C J Cherryh – Morgaine 02 – Well Of Shiuan

The inner doors opened to admit them, thundered shut after. They faced a spiral ramp, and with the priest and four of the escort bearing torches from the doorway, they began their ascent. The ramp led slowly about a central core with doors on this side and that, and echoes rang hollowly from the heights above. The whole of the place had a dank and musty smell, a quality of wet stone and age and standing water. The corridor floor was uneven, split in not a few places, with cracks in the walls repaired with insets of mortared rubble. The guards kept close about them the while, two torchbearers behind and three before, shadows running the walls in chaos. Behind them was the fading sound of voices from the gate; and softly, softly as they climbed, began to come the strains of music, strange and wild.

The musics grew clearer, uncanny accompaniment to the iron tread of armed men about them; and the air grew warmer, closer, tainted with sweet incense. Jhirun was breathing as if she had been running, and Vanye also felt the dizziness of exhaustion and hunger and sudden heat; he lost awareness of what passed about him, and cleared his senses only slowly as the guards shifted about and encountered others, as soft voices spoke, and doors opened in sequence before, them.

The music died, wailing: golden, glittering figures of men and women paused in mid-movement, tall and slim and silver-haired.

Qujal.

Jhirun’s touch held him, else he would have hurled himself at guards and doors and died; her presence, frightened, at his side, kept him still as the foremost of the tall, pale men walked toward him, surveyed him casually with calm, gray eyes.

An order was given, a language he did not know; the guards laid hand on his arms and turned him to the left, where was another door; and certain of the other pale lords left their places and came, quietly, as they were withdrawn from that bright hall and into an adjoining room.

It was a smaller hall, with a fire blazing in the fireplace, a white dog lying at the hearth. The dog sprang up and began to bark frantically, sending mad echoes rolling through the halls, drowning the music that had begun again next door, until one of the guards whipped her yelping into silence.

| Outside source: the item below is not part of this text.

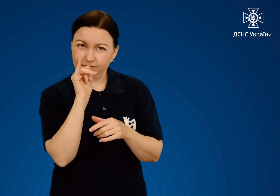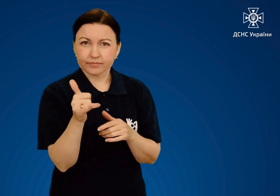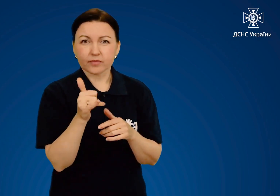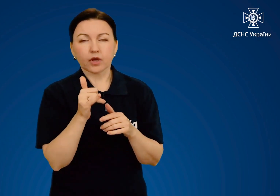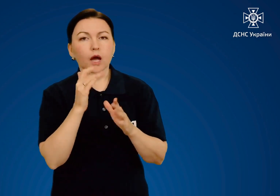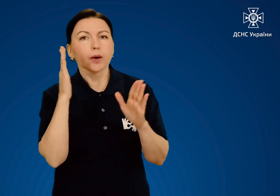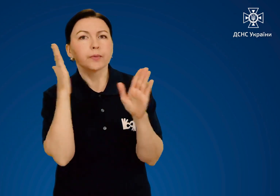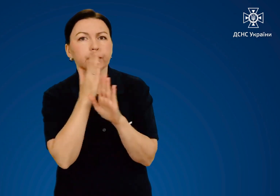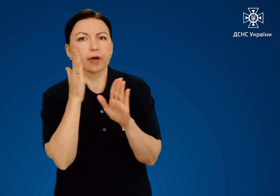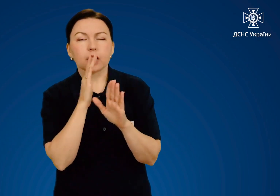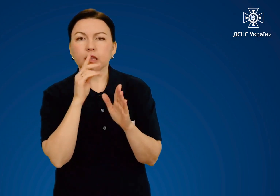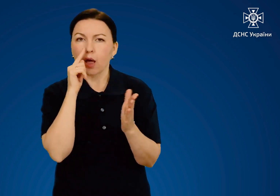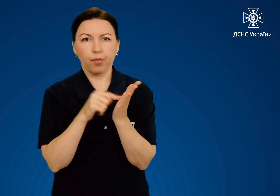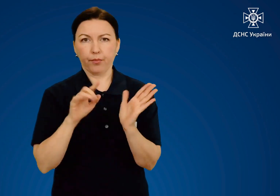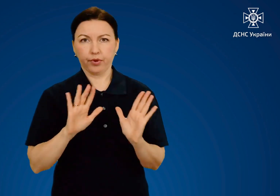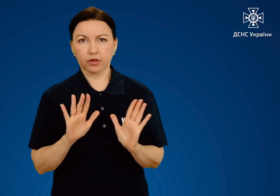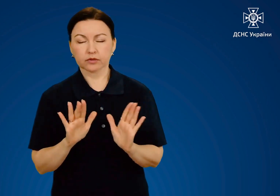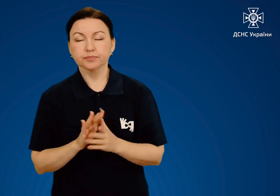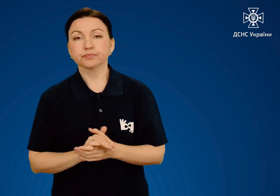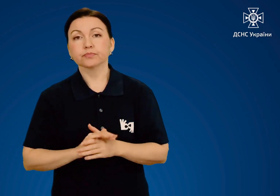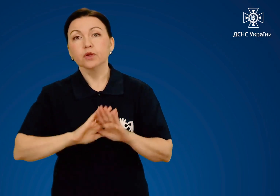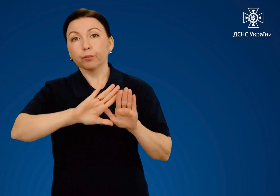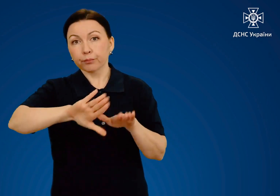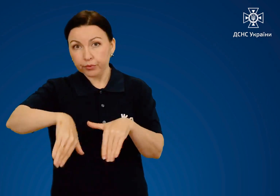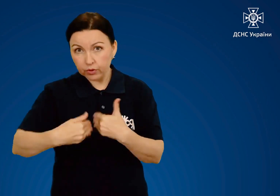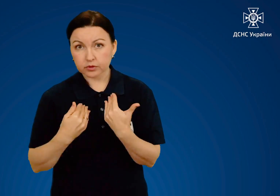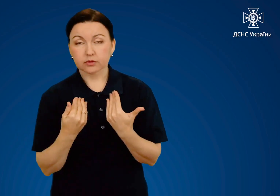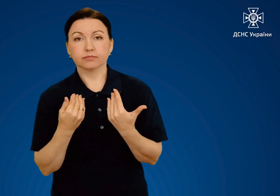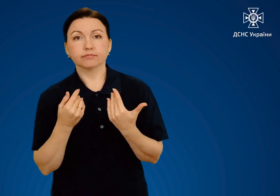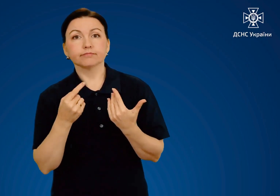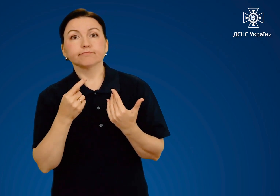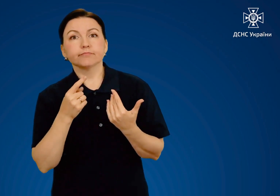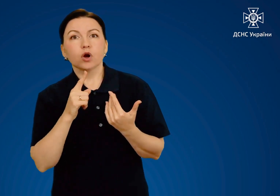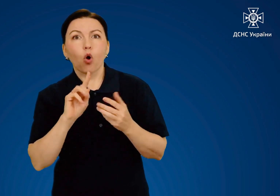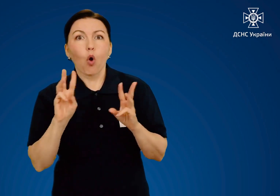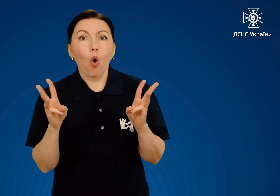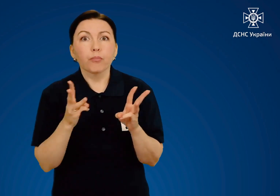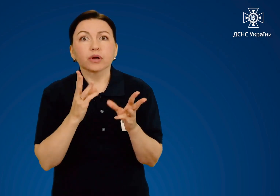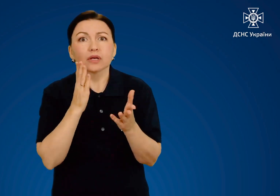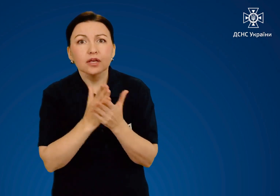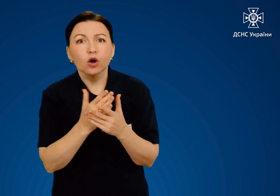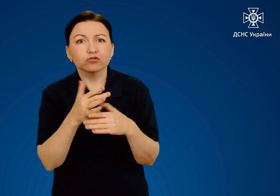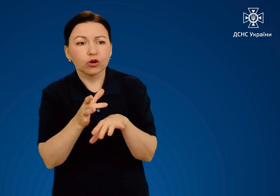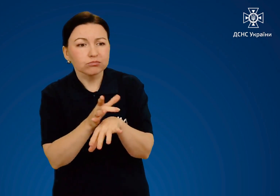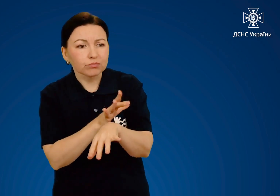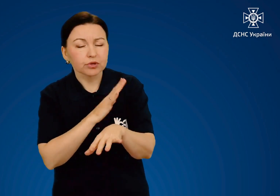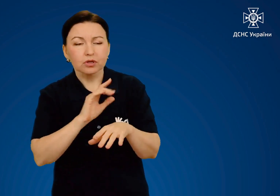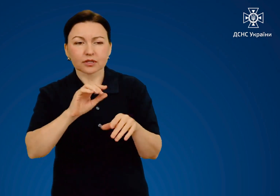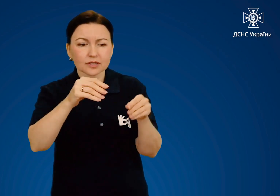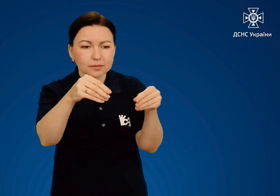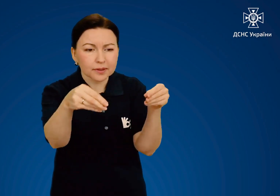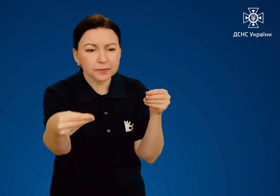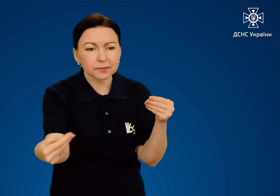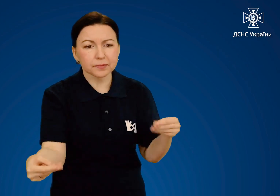припинити доступ кисню. Потім частину тіла, яка має опіки, звільнити від

Vanye stared at the act, jarred by that mistreatment of a beast, and looked about him, at wealth, luxury, carved woods, carpets, bronze lamps—and the qujal-lords gathered by the door, resplendent in brocades and jewels, talking together in soft, astonished accents.

Three moved to the fore, to seat themselves at the chairs of the long table: an old man, in green and silver, he it was who had come first to look at them—and because he was first and because of his years, Vanye reckoned him for lord in the hall. At his right sat a youth in black and silver; at his left, another youth in blue and green of fantastical design, whose eyes were vague and strange, and rested in distant speculation on Vanye’s when he looked him in the face. Vanye flinched from that one, and felt Jhirun step back. His impulse even now was to run, deserting her, though guards and chains and double gates lay between him and freedom: nothing that could befall Jhirun in this place seemed half so terrible as the chance that they would realize what he was, and how he had come.

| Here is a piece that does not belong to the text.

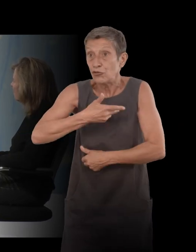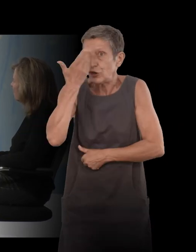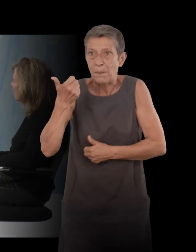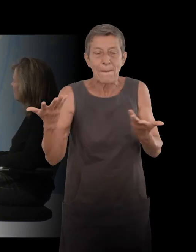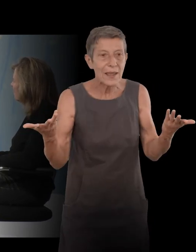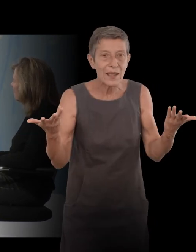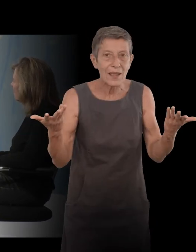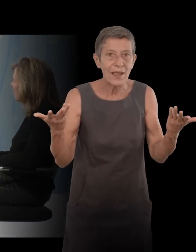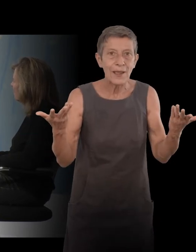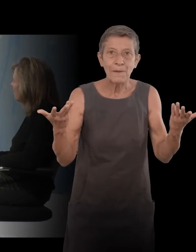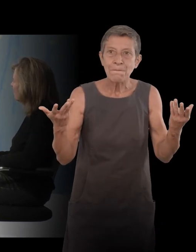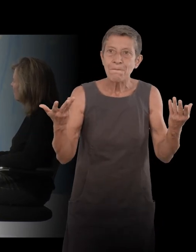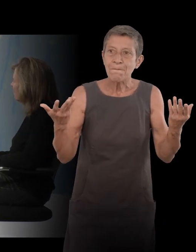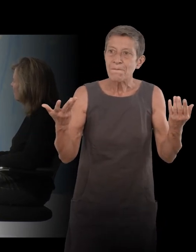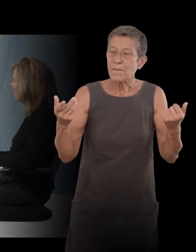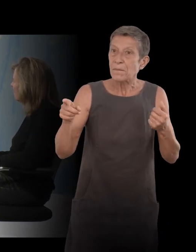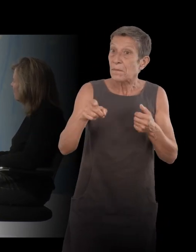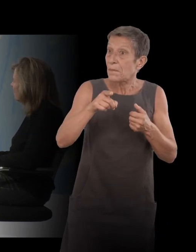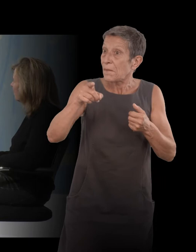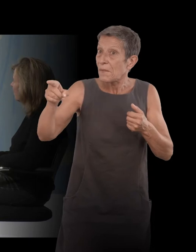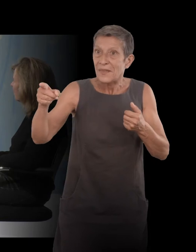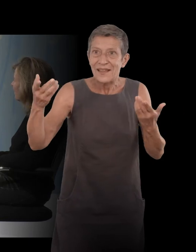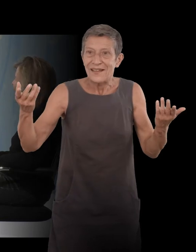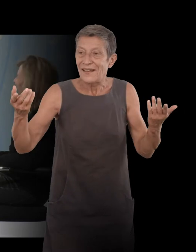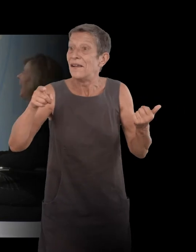Mais ils ont dit, bon, ça n'a pas été publié, mais on s'est tellement amusés à le faire...

Morgaine’s enemies: he had come her road, and set himself against her enemies, and this was the end of it. They stood studying him, talking together in whispers, in a language he could not understand. A black-robed figure edged through that pale and glittering company, past the scale-armored guards, and deferentially whispered to the seated lords: the priest, who deferred to qujalin powers.

They have lost their gods, Morgaine had told him once; yet here was a priest among them. Vanye stood still, listening to that whispered debate, watching: a priest of demons, of qujal—this he had trusted, and delivered himself into their hands. The room grew distant from him, and the buzz of their soft voices as they discussed him was like that of bees over a Kurshin meadow, the hum of flies above corruption, the persistent rush of rain against the shuttered windows. He grew dizzy, lost in the sound, struggling only to keep his senses from sliding away.